そのため戦力は二分してしまったが、飛狛、夜秋、秋星が全面的に力を貸すと言った為、この方法へ踏み切れたのだ。
三人を戦力として加算していいとなれば、分散しても問題ないだろう。なにせ、過去の魔法槍士と補佐官なのだから、これほど心強い戦力はない。
「飛狛さん、中には詳しいですか?」
こちらのメンバーは柊稀をはじめ、朱華、黒耀、華朱、柏羅、陽霜、瑚蝶、飛狛。
天竜王に過去と現在の魔法槍士がいるといった、頼もしいメンバーとなっている。
「いや、詳しくないね。あの双子の方が知ってるよ」
過去でここを見ていたのは、双子なのだと飛狛は言う。特に問題がある場所ではなかったことから、飛狛は踏み込んでいない。
世界統合の時代でもあった為、余裕がなかったということもある。
軽く聞いた程度の間取りしか知らない飛狛。黒耀も就任してから一度も来たことはない。
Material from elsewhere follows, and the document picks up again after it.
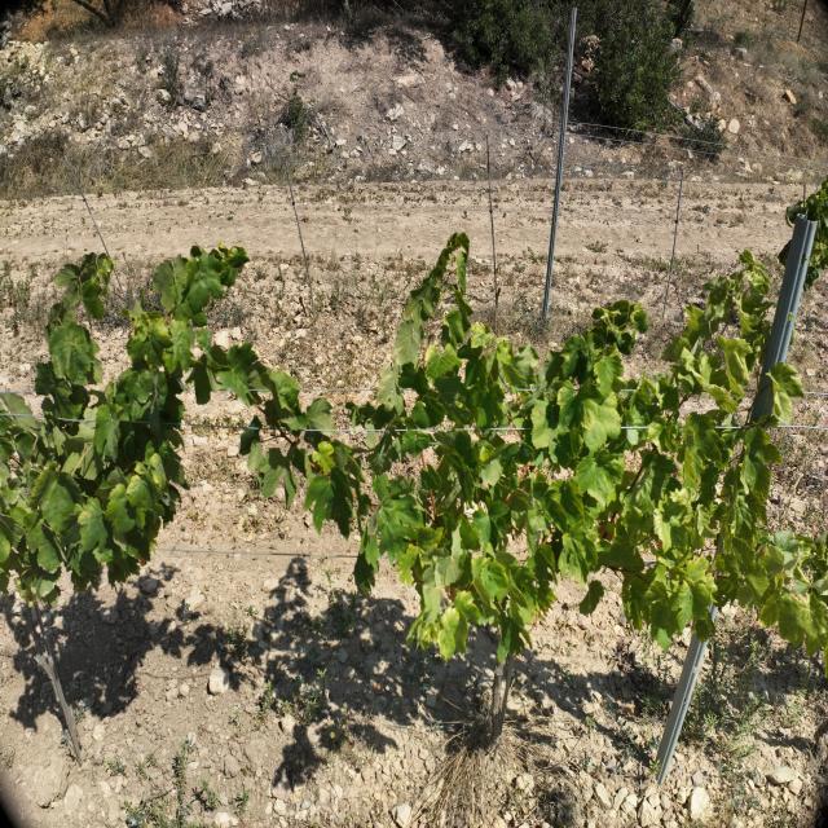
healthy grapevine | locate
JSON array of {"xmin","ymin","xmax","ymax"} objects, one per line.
[{"xmin": 0, "ymin": 226, "xmax": 250, "ymax": 768}]
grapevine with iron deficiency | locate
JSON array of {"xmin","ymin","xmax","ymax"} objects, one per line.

来られなかったと言うべきなのだが、言わなくても全員わかっている。
だが、ここには一人いた。神竜の神殿に詳しい者が。
「私が知っています。ここは、私がいた場所ですから」
始祖竜である柏羅だ。神竜の神殿ということは、つまり始祖竜のものでもあったということ。
今の彼女には神竜の神殿に限らず、すべてがわかる。どこになにがあるのかが。
「少し入り組んでいますが、基本的に一本道です。こちらから入ると正面広場へでます」
「ちなみに、夜秋達の方は?」
合流する先を探すように飛狛は問いかける。二手に分かれたのはいいが、どこで合流するかが問題だったのだ。
「あちらは階段を上り二階へ行く道ですが、中庭で合流できます。私達は、正面広場から中庭へ出られます」
これなら問題ないと、一同視線を合わせ頷く。奥へ行くには、中庭を通るのが必須だとわかったからだ。
これなら合流は簡単だ。なによりも、造りが巫女殿と同じだと二人の魔法槍士は気付いた。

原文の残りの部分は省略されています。